◆ **Aim of the exercise**
Every record must be copied exactly.

(Records from a collection)
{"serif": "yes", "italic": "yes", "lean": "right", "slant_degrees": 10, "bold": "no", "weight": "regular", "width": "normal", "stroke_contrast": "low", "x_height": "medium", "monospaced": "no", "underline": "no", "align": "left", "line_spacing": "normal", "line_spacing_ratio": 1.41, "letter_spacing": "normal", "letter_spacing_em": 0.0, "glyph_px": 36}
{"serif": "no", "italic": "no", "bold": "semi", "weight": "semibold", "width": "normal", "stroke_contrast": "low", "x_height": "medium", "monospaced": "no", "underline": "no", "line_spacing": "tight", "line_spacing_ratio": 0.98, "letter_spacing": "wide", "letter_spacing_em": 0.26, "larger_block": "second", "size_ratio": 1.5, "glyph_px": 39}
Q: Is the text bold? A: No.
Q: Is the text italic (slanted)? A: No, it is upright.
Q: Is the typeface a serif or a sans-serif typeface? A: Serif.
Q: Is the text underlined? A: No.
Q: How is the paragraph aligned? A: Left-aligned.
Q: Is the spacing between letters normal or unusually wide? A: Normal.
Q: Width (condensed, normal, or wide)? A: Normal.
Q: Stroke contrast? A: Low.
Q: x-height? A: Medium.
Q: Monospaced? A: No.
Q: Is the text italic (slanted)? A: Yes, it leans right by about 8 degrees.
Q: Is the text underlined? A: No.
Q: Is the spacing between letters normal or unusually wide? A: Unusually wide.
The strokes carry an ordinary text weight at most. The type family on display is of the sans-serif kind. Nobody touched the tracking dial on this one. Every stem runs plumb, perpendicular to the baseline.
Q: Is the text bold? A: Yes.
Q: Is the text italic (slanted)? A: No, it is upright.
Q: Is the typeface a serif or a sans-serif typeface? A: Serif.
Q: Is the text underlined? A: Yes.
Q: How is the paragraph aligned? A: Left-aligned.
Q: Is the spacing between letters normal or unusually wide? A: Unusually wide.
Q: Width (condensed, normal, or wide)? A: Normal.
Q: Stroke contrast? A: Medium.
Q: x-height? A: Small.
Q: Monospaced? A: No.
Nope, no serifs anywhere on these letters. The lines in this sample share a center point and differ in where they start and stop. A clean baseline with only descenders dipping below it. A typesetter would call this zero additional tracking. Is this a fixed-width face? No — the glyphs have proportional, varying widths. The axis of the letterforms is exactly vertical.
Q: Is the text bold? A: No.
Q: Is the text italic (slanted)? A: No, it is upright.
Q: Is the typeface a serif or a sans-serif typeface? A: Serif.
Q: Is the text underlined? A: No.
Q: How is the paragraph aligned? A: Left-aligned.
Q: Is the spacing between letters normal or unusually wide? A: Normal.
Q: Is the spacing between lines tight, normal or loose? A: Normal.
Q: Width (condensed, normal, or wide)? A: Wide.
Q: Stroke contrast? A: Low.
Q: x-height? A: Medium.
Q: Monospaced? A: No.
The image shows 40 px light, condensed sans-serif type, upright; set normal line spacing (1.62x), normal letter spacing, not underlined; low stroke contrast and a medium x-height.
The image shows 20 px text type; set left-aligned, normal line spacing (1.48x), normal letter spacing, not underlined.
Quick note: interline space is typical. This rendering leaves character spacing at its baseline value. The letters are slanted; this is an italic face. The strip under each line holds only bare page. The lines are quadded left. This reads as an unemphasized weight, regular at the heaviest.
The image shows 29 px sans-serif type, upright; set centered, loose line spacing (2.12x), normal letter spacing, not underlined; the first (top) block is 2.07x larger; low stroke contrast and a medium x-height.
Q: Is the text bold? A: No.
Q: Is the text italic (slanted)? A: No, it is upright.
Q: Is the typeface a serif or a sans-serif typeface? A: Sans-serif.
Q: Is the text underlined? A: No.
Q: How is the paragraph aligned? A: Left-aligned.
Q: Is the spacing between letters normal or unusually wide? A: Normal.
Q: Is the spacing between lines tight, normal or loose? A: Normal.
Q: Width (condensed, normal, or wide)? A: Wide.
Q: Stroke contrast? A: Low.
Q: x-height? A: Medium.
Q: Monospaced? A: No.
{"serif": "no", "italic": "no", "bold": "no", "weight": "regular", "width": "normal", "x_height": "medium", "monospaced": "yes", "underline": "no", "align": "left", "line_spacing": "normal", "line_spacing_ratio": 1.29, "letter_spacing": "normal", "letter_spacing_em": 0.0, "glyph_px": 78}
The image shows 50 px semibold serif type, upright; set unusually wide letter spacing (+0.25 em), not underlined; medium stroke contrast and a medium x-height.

◆ **Solution to this task**
{"serif": "yes", "italic": "yes", "lean": "right", "slant_degrees": 10, "bold": "no", "weight": "regular", "width": "normal", "stroke_contrast": "low", "x_height": "medium", "monospaced": "no", "underline": "no", "align": "left", "line_spacing": "normal", "line_spacing_ratio": 1.41, "letter_spacing": "normal", "letter_spacing_em": 0.0, "glyph_px": 36}
{"serif": "no", "italic": "no", "bold": "semi", "weight": "semibold", "width": "normal", "stroke_contrast": "low", "x_height": "medium", "monospaced": "no", "underline": "no", "line_spacing": "tight", "line_spacing_ratio": 0.98, "letter_spacing": "wide", "letter_spacing_em": 0.26, "larger_block": "second", "size_ratio": 1.5, "glyph_px": 39}
Q: Is the text bold? A: No.
Q: Is the text italic (slanted)? A: No, it is upright.
Q: Is the typeface a serif or a sans-serif typeface? A: Serif.
Q: Is the text underlined? A: No.
Q: How is the paragraph aligned? A: Left-aligned.
Q: Is the spacing between letters normal or unusually wide? A: Normal.
Q: Width (condensed, normal, or wide)? A: Normal.
Q: Stroke contrast? A: Low.
Q: x-height? A: Medium.
Q: Monospaced? A: No.
Q: Is the text italic (slanted)? A: Yes, it leans right by about 8 degrees.
Q: Is the text underlined? A: No.
Q: Is the spacing between letters normal or unusually wide? A: Unusually wide.
The strokes carry an ordinary text weight at most. The type family on display is of the sans-serif kind. Nobody touched the tracking dial on this one. Every stem runs plumb, perpendicular to the baseline.
Q: Is the text bold? A: Yes.
Q: Is the text italic (slanted)? A: No, it is upright.
Q: Is the typeface a serif or a sans-serif typeface? A: Serif.
Q: Is the text underlined? A: Yes.
Q: How is the paragraph aligned? A: Left-aligned.
Q: Is the spacing between letters normal or unusually wide? A: Unusually wide.
Q: Width (condensed, normal, or wide)? A: Normal.
Q: Stroke contrast? A: Medium.
Q: x-height? A: Small.
Q: Monospaced? A: No.
Nope, no serifs anywhere on these letters. The lines in this sample share a center point and differ in where they start and stop. A clean baseline with only descenders dipping below it. A typesetter would call this zero additional tracking. Is this a fixed-width face? No — the glyphs have proportional, varying widths. The axis of the letterforms is exactly vertical.
Q: Is the text bold? A: No.
Q: Is the text italic (slanted)? A: No, it is upright.
Q: Is the typeface a serif or a sans-serif typeface? A: Serif.
Q: Is the text underlined? A: No.
Q: How is the paragraph aligned? A: Left-aligned.
Q: Is the spacing between letters normal or unusually wide? A: Normal.
Q: Is the spacing between lines tight, normal or loose? A: Normal.
Q: Width (condensed, normal, or wide)? A: Wide.
Q: Stroke contrast? A: Low.
Q: x-height? A: Medium.
Q: Monospaced? A: No.
The image shows 40 px light, condensed sans-serif type, upright; set normal line spacing (1.62x), normal letter spacing, not underlined; low stroke contrast and a medium x-height.
The image shows 20 px text type; set left-aligned, normal line spacing (1.48x), normal letter spacing, not underlined.
Quick note: interline space is typical. This rendering leaves character spacing at its baseline value. The letters are slanted; this is an italic face. The strip under each line holds only bare page. The lines are quadded left. This reads as an unemphasized weight, regular at the heaviest.
The image shows 29 px sans-serif type, upright; set centered, loose line spacing (2.12x), normal letter spacing, not underlined; the first (top) block is 2.07x larger; low stroke contrast and a medium x-height.
Q: Is the text bold? A: No.
Q: Is the text italic (slanted)? A: No, it is upright.
Q: Is the typeface a serif or a sans-serif typeface? A: Sans-serif.
Q: Is the text underlined? A: No.
Q: How is the paragraph aligned? A: Left-aligned.
Q: Is the spacing between letters normal or unusually wide? A: Normal.
Q: Is the spacing between lines tight, normal or loose? A: Normal.
Q: Width (condensed, normal, or wide)? A: Wide.
Q: Stroke contrast? A: Low.
Q: x-height? A: Medium.
Q: Monospaced? A: No.
{"serif": "no", "italic": "no", "bold": "no", "weight": "regular", "width": "normal", "x_height": "medium", "monospaced": "yes", "underline": "no", "align": "left", "line_spacing": "normal", "line_spacing_ratio": 1.29, "letter_spacing": "normal", "letter_spacing_em": 0.0, "glyph_px": 78}
The image shows 50 px semibold serif type, upright; set unusually wide letter spacing (+0.25 em), not underlined; medium stroke contrast and a medium x-height.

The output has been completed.